You can use gregexp
with ^>.*|.{1,2}
to match either anything starting with >
or split by length 2 and use regmatches
to extract the matches.
unlist(regmatches(df$V1, gregexpr("^>.*|.{1,2}", df$V1)))
# [1] ">A1_[Er]" "aa" "aa" "bb" "bc" "cc"
# [7] "c" ">B2_[Br]" "dd" "dd" "ee" "ee"
#[13] "ef" "f" ">C3_[Gh]" "gg" "gg" "gg"
#[19] "gh" "hh" "hh" "ii" "ii" "ij"
#[25] "jj" "jj" "j"
Or use strsplit
with (?<=..)
to split a string into a fixed number of characters and use [<-
(or replace
) to insert the strings starting with >
.
i <- which(startsWith(df$V1, ">"))
unlist(`[<-`(strsplit(`[<-`(df$V1, i, ""), "(?<=..)", perl=TRUE), i, df$V1[i]))
# [1] ">A1_[Er]" "aa" "aa" "bb" "bc" "cc"
# [7] "c" ">B2_[Br]" "dd" "dd" "ee" "ee"
#[13] "ef" "f" ">C3_[Gh]" "gg" "gg" "gg"
#[19] "gh" "hh" "hh" "ii" "ii" "ij"
#[25] "jj" "jj" "j"
Or using lapply
.
unlist(lapply(df$V1, \(x)
if(startsWith(x, ">")) x else strsplit(x, "(?<=..)", perl=TRUE)))

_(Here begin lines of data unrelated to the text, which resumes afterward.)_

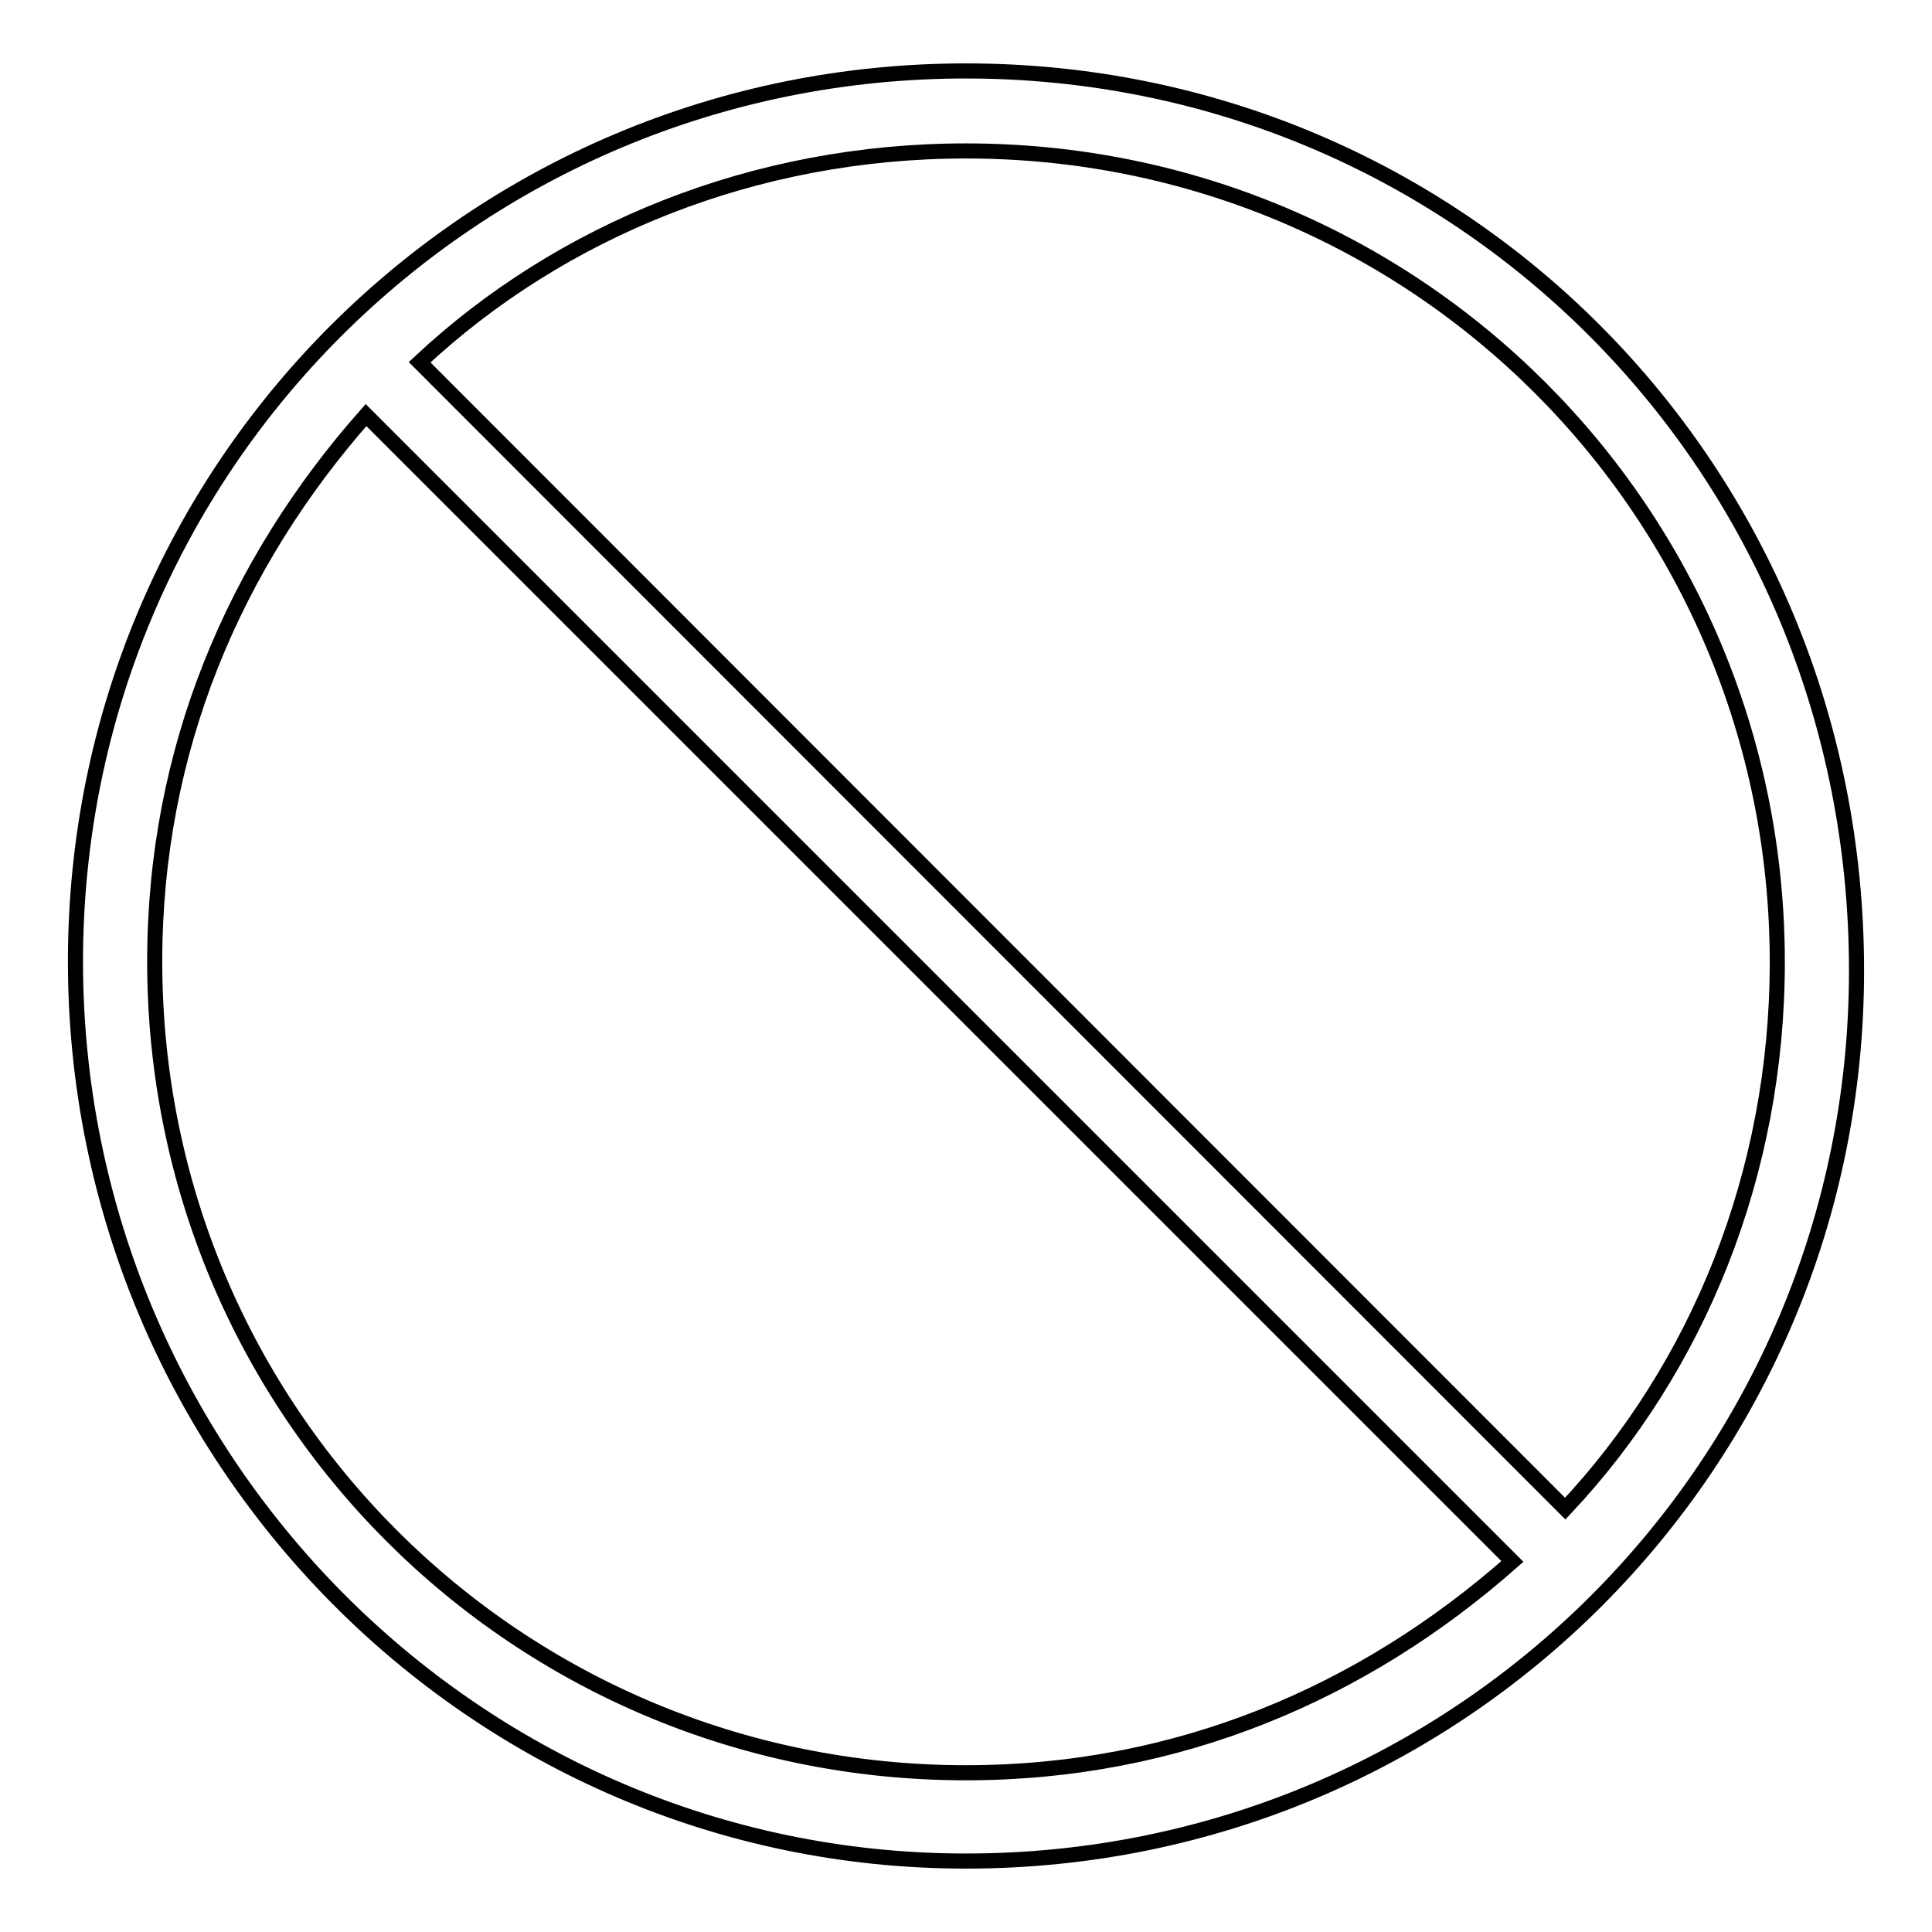 <?xml version="1.0" encoding="utf-8"?>
<!-- Svg Vector Icons : http://www.onlinewebfonts.com/icon -->
<!DOCTYPE svg PUBLIC "-//W3C//DTD SVG 1.1//EN" "http://www.w3.org/Graphics/SVG/1.1/DTD/svg11.dtd">
<svg version="1.1" xmlns="http://www.w3.org/2000/svg" xmlns:xlink="http://www.w3.org/1999/xlink" x="0px" y="0px" viewBox="0 0 256 256" enable-background="new 0 0 256 256" xml:space="preserve">
<g> <path stroke-width="2" fill-opacity="0" stroke="#000000"  d="M128,9.4C62.6,9.4,10,62,10,127.4s52.6,119.2,118,119.2c65.4,0,118-52.6,118-118C246,62,193.4,9.4,128,9.4z  M128,234.9c-59.6,0-107.5-47.9-107.5-107.5c0-28,10.5-52.6,28-72.4l151.9,151.9C180.6,224.4,156,234.9,128,234.9z M207.4,199.9 L55.6,48c18.7-17.5,44.4-28,72.4-28c59.6,0,107.5,47.9,107.5,107.5C235.5,155.5,225,181.2,207.4,199.9z"/></g>
</svg>

# [1] ">A1_[Er]" "aa" "aa" "bb" "bc" "cc"
# [7] "c" ">B2_[Br]" "dd" "dd" "ee" "ee"
#[13] "ef" "f" ">C3_[Gh]" "gg" "gg" "gg"
#[19] "gh" "hh" "hh" "ii" "ii" "ij"
#[25] "jj" "jj" "j"
Splitting on [a-z]
.
unlist(strsplit(df$V1, "(?<=[a-z]{2})", perl=TRUE))
# [1] ">A1_[Er]" "aa" "aa" "bb" "bc" "cc"
# [7] "c" ">B2_[Br]" "dd" "dd" "ee" "ee"
#[13] "ef" "f" ">C3_[Gh]" "gg" "gg" "gg"
#[19] "gh" "hh" "hh" "ii" "ii" "ij"
#[25] "jj" "jj" "j"
Benchmark
library(dplyr) #For akrun and Chris Ruehlemann
library(tidyr)
library(stringr)
bench::mark(
gregexpr = unlist(regmatches(df$V1, gregexpr("^>.*|.{1,2}", df$V1))),
strsplit = {i <- which(startsWith(df$V1, ">"))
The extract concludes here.